Despite tradeoffs in computing requirements and training time, deep learning models consistently outperform traditional models and form the basis of most ongoing advancements in computer vision.

Prominent deep learning models used in image segmentation include:

• Fully Convolutional Networks (FCNs): FCNs, often used for semantic segmentation, are a type of convolutional neural network (CNN) with no fixed layers. An encoder network passes visual input data through convolutional layers to extract features relevant to segmentation or classification, and compresses (or downsamples) this feature data to remove non-essential information. This compressed data is then fed into decoder layers, upsampling the extracted feature data to reconstruct the input image with segmentation masks.

• U-Nets: U-Nets modify FCN architecture to reduce data loss during downsampling with skip connections, preserving greater detail by selectively bypassing some convolutional layers as information and gradients move through the neural network. Its name is derived from the shape of diagrams demonstrating the arrangement of its layers.

• Deeplab: Like U-Nets, Deeplab is a modified FCN architecture. In addition to skip connections, it uses diluted (or “atrous”) convolution to yield larger output maps without necessitating additional computational power.

• Mask R-CNNs: Mask R-CNNs are a leading model for instance segmentation. Mask R-CNNs combine a region proposal network (RPN) that generates bounding boxes for each potential instance with an FCN-based “mask head” that generates segmentation masks within each confirmed bounding box.

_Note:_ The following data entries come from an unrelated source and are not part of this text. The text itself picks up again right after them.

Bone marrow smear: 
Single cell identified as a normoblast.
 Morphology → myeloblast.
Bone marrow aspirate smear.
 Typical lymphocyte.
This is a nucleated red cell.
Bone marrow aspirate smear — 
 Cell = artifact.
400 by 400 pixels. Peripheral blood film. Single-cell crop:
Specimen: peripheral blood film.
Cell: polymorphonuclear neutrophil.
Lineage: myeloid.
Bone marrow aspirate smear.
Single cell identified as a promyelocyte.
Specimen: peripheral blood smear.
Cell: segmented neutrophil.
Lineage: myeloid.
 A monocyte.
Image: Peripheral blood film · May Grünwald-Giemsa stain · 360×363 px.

• Transformers: inspired by the success of transformer models like GPT and BLOOM in natural language processing, new models like Vision Transformer (ViT) using attention mechanisms in place of convolutional layers have matched or exceeded CNN performance for computer vision tasks.

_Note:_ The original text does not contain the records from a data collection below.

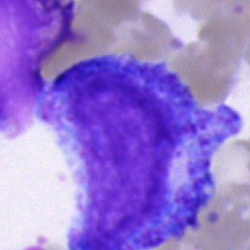
Progranulocyte.
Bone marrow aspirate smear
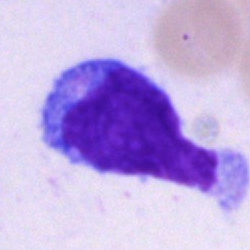 Undifferentiated blast.
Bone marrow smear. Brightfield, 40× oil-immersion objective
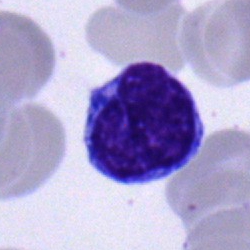 Morphology consistent with a lymphocyte.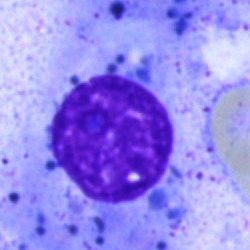

Impression → artifact.
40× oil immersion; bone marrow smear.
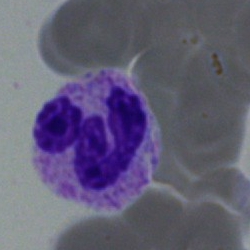Classification = polymorphonuclear neutrophil.
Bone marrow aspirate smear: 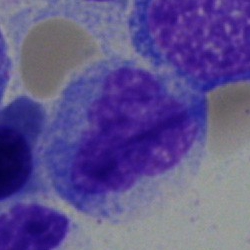

{"cell_type": "monocyte"}

To not only map boundaries of image segments, but also predict which stuff or thing each segment represents, deep learning models are trained on large, annotated datasets to recognize specific semantic classes. From these pre-labeled images, deep learning models infer the patterns and pixel values typical of each label.

Different tasks require different training data: a computer vision system for self-driving cars is trained on images labeled with semantic classes like “person”, “car”, “lane” and “stop sign”, while medical imaging models require optimization for recognizing specific classes of physical tissue, or tumors and other pathologies.

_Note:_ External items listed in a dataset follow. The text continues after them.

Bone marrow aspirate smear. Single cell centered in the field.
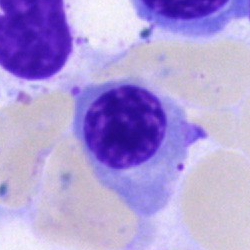
Q: What is the morphological classification of this cell?
A: It is a nucleated red blood cell.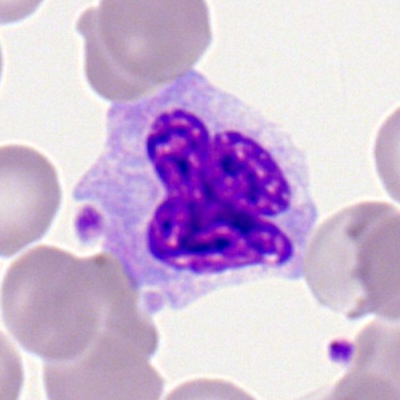 A monocyte.
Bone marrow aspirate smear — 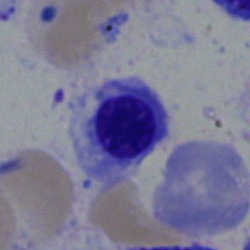This is a nucleated red cell.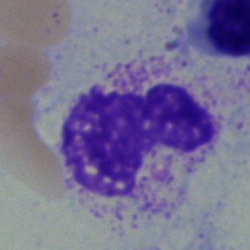Morphology consistent with a segmented neutrophil.
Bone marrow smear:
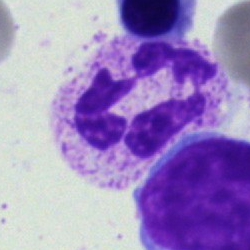This is a segmented neutrophil.
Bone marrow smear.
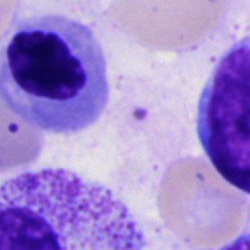 Normoblast.
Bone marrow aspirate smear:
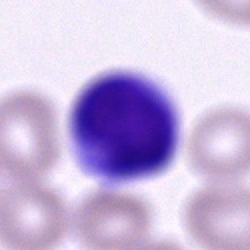{"cell_type": "cell of indeterminate lineage"}

Training datasets must be carefully pre-labeled by human experts, which can be extremely laborious. Most image segmentation models make use of large, open-source datasets. These public datasets also serve as “ground truth” when evaluating success of trained models: performance metrics are often expressed as percentage of results accurately matching the annotations in the training dataset.

Popular training datasets for deep learning image segmentation models include:

• COCO (Common Objects in Context): a large scale dataset containing over 330,000 images with annotated segments across 80 thing categories and 91 stuff categories.

• ADE20K: a scene segmentation dataset created by MIT containing over 20,000 images with over 150 semantic classes.

• Cityscapes: a large-scale dataset focused on urban streets. Its data was captured in 50 cities across various daytimes, times of year and weather conditions.

Image segmentation has become an essential tool in a variety of fields.

• Medical imaging: Image segmentation has many applications across radiography, magnetic resonance imagery (MRI), ultrasounds and computer tomography (CT), aiding tasks like tumor detection, brain segmentation, disease diagnosis and surgical planning.

• Autonomous vehicles: Image segmentation allows self-driving cars to avoid obstacles like pedestrians and other cars, as well as identify lanes and traffic signs. It is similarly used to inform navigation in robotics.

• Satellite imaging: Semantic and instance segmentation automate the identification of different terrain and topographical features.

• Smart cities: Image segmentation powers tasks like real-time traffic monitoring and surveillance.

• Manufacturing: in addition to powering robotics tasks, image segmentation powers product sorting and the detection of defects.

• Agriculture: image segmentation helps farmers estimate crop yields and detect weeds for removal.